12 Tacitly, Ballard seems drawn to a negative conclusion herself, especially if her last words in the book are meant — as is often the case — to resonate impressionistically. She writes: "the infinite variability of experience of marriage is reflected in folktale and oral tradition, which help to highlight ambivalences and suggest the enormous range of possible responses." She then ends with two stories. One tells of the tombstone of a first wife that is a lesson to the second, because it is inscribed "Be thou also ready." The other relates the conversation of a young woman pretending to be trying to find a job at a hiring fair. The prospective employer's list of requirements, unreasonably substantial, precipitates her response: "Howl [hold] yer tongue, man, it's a wife you're lookin' for."

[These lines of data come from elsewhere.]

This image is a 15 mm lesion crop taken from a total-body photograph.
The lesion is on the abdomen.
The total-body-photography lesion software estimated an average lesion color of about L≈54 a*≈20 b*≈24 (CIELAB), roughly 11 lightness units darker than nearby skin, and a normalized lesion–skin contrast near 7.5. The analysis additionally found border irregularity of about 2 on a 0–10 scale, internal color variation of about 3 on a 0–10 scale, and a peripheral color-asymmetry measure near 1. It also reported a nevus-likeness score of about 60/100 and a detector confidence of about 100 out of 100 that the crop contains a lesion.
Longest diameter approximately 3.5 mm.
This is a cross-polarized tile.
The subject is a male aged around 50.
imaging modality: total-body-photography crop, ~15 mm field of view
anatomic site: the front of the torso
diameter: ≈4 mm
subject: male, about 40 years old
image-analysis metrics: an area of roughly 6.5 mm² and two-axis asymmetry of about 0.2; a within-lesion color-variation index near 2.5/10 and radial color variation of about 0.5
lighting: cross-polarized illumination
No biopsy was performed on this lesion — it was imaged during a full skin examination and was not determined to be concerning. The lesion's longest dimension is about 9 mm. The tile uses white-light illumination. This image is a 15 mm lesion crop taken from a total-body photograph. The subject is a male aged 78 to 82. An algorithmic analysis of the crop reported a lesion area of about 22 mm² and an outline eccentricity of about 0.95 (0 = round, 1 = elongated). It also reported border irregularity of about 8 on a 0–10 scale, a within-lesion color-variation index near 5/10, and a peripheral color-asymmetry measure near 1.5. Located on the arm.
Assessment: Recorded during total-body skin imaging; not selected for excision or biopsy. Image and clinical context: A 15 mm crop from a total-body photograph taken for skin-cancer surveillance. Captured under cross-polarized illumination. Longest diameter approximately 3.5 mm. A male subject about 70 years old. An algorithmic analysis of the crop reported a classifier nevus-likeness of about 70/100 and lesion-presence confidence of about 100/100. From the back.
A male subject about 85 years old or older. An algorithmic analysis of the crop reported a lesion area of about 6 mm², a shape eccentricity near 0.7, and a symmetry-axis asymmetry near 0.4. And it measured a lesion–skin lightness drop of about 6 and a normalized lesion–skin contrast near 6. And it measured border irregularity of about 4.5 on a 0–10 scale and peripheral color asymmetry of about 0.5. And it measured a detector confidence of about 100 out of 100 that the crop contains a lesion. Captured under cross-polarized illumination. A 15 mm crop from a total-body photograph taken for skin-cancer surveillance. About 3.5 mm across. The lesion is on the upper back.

13 Stimulating from both a material and popular culture perspective, both books have revealing tales to tell. In an era when the very definition of marriage is under scrutiny, when divorce and single parenthood are commonplace and partners in same-sex relationships are deemed, in some countries, to have as much right as heterosexual ones for spousal benefits, the problematization of this once-considered sacred institution is all the more timely and necessary.

NOTES
1 Thomas H. Raddall, "The Wedding Gift," in The Wedding Gift and Other Stories (Toronto: McClelland and Stewart, 1947).